### [BRIEF]
Across the entries below, the lines containing "path" should be counted and only their number returned.

### [Saved entries]

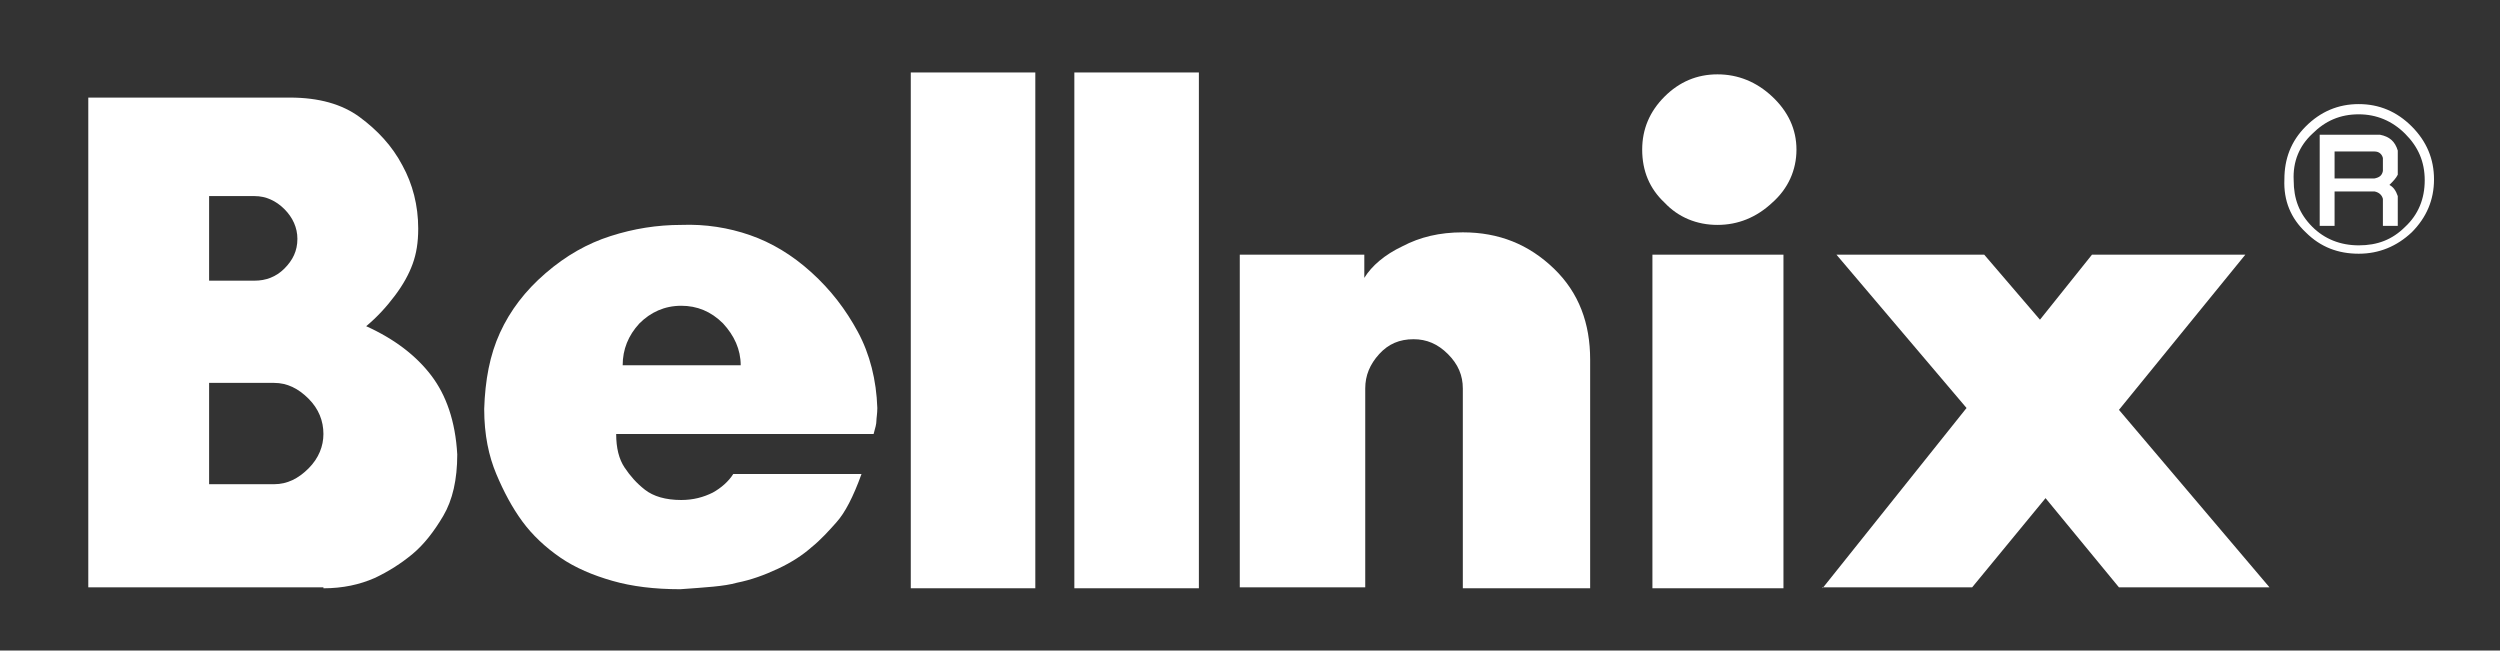 <?xml version="1.0" encoding="utf-8"?>
<!-- Generator: Adobe Illustrator 25.2.0, SVG Export Plug-In . SVG Version: 6.00 Build 0)  -->
<svg version="1.1" id="レイヤー_1" xmlns="http://www.w3.org/2000/svg" xmlns:xlink="http://www.w3.org/1999/xlink" x="0px"
	 y="0px" viewBox="0 0 269 70" style="enable-background:new 0 0 269 70;" xml:space="preserve">
<rect x="0" y="0" width="269" height="70" fill="#333333" stroke="none"/>
<style type="text/css">
	.st0{fill:#FFFFFF;}
</style>
<path class="st0" d="M33.2,50.4c-1.1,1.1-2.3,1.7-3.7,1.7h-7V41.2h7c1.4,0,2.6,0.6,3.7,1.7c1.1,1.1,1.6,2.4,1.6,3.8
	C34.8,48,34.3,49.3,33.2,50.4z M34.8,63.3c2.1,0,3.9-0.4,5.5-1.1c1.5-0.7,2.9-1.6,4.1-2.6c1.2-1,2.3-2.4,3.3-4.1
	c1-1.7,1.5-3.9,1.5-6.6c-0.2-3.6-1.2-6.4-2.8-8.5c-1.6-2.1-3.9-3.9-7-5.3c1.2-1,2.2-2.1,3.1-3.3c0.9-1.2,1.5-2.3,1.9-3.4
	c0.4-1.1,0.6-2.3,0.6-3.8c0-2.5-0.6-4.8-1.7-6.8c-1.1-2.1-2.7-3.8-4.6-5.2c-1.9-1.4-4.4-2.1-7.5-2.1H9.5v52.7H34.8z M22.5,30.2v-9.1
	h4.9c1.2,0,2.3,0.5,3.2,1.4c0.9,0.9,1.4,2,1.4,3.2c0,1.3-0.5,2.3-1.4,3.2c-0.9,0.9-2,1.3-3.2,1.3H22.5z"/>
<path class="st0" d="M67,39.3c0-1.7,0.6-3.2,1.8-4.5c1.2-1.2,2.7-1.9,4.5-1.9c1.7,0,3.2,0.6,4.5,1.9c1.2,1.3,1.9,2.8,1.9,4.5H67z
	 M79.3,62.7c1.5-0.3,2.9-0.8,4.4-1.5c1.5-0.7,2.7-1.5,3.6-2.3c1-0.8,1.9-1.8,2.7-2.7c0.9-1,1.8-2.7,2.7-5.2H78.9
	c-0.5,0.8-1.3,1.5-2.2,2c-1,0.5-2.1,0.8-3.4,0.8c-1.7,0-3-0.4-3.9-1.1c-0.9-0.7-1.6-1.5-2.2-2.4c-0.6-0.9-0.9-2.1-0.9-3.6H94
	c0.2-0.7,0.3-1.1,0.3-1.4c0-0.3,0.1-0.8,0.1-1.4c-0.1-3-0.8-5.8-2.1-8.2c-1.3-2.4-2.9-4.5-5-6.4s-4.3-3.2-6.6-4
	c-2.3-0.8-4.8-1.2-7.4-1.1c-2.6,0-5.1,0.4-7.6,1.2c-2.5,0.8-4.8,2.1-7,4c-2.2,1.9-3.8,4-4.9,6.4c-1.1,2.4-1.6,5.1-1.7,8.2
	c0,2.8,0.5,5.1,1.3,7c0.8,1.9,1.7,3.6,2.8,5.1c1.1,1.5,2.5,2.8,4.1,3.9c1.6,1.1,3.5,1.9,5.6,2.5c2.1,0.6,4.5,0.9,7.3,0.9
	C75.9,63.2,77.9,63.1,79.3,62.7z"/>
<path class="st0" d="M98,63.3V7.8h13.4v55.5H98z"/>
<path class="st0" d="M115.6,63.3V7.8H129v55.5H115.6z"/>
<path class="st0" d="M133.4,63.2V27.4h13.4v2.5c0.8-1.3,2.2-2.5,4.1-3.4c1.9-1,4-1.5,6.5-1.5c3.9,0,7.1,1.3,9.8,3.9s3.9,5.9,3.9,9.8
	v24.6h-13.7V41.8c0-1.4-0.5-2.6-1.6-3.7c-1.1-1.1-2.3-1.6-3.7-1.6c-1.5,0-2.7,0.5-3.7,1.6c-1,1.1-1.5,2.3-1.5,3.7v21.4H133.4z"/>
<path class="st0" d="M177.8,63.2V27.4h14.1v35.9H177.8z M176.7,16.1c0-2.2,0.8-4.1,2.4-5.7c1.6-1.6,3.5-2.4,5.7-2.4
	c2.2,0,4.2,0.8,5.9,2.4c1.7,1.6,2.6,3.5,2.6,5.7c0,2.2-0.9,4.2-2.6,5.7c-1.7,1.6-3.7,2.4-5.9,2.4c-2.2,0-4.2-0.8-5.7-2.4
	C177.5,20.3,176.7,18.4,176.7,16.1z"/>
<path class="st0" d="M196.1,63.3l15.5-19.4l-14-16.5h15.9l6,7l5.6-7h16.5L228,44.1l16.2,19.1H228l-7.9-9.6l-7.9,9.6H196.1z"/>
<path class="st0" d="M255.5,16.3c0.5,0,0.8,0.3,0.9,0.7v1.4c-0.1,0.5-0.4,0.7-0.9,0.8h-4.3v-2.9H255.5z M249.7,24.3h1.5v-3.7h4.3
	c0.5,0.1,0.8,0.4,0.9,0.8v2.9h1.6v-3.2c-0.2-0.6-0.5-1-0.9-1.2c0.4-0.4,0.7-0.7,0.9-1.1v-2.6c-0.3-1-0.9-1.5-1.9-1.7h-6.5V24.3z
	 M248.8,14.4c1.4-1.4,3-2.1,5-2.1c1.9,0,3.6,0.7,5,2.1c1.4,1.4,2.1,3,2.1,5c0,2-0.7,3.7-2.1,5c-1.4,1.4-3,2-5,2c-2,0-3.7-0.7-5-2
	c-1.4-1.4-2-3-2-5C246.7,17.4,247.4,15.7,248.8,14.4z M248.1,25c1.6,1.6,3.5,2.3,5.7,2.3c2.2,0,4.1-0.8,5.7-2.3
	c1.6-1.6,2.4-3.5,2.4-5.7c0-2.2-0.8-4.1-2.4-5.7c-1.6-1.6-3.5-2.4-5.7-2.4c-2.2,0-4.1,0.8-5.7,2.4c-1.6,1.6-2.3,3.5-2.3,5.7
	C245.7,21.6,246.5,23.5,248.1,25z"/>
</svg>

### [WRITTEN RESPONSE]
8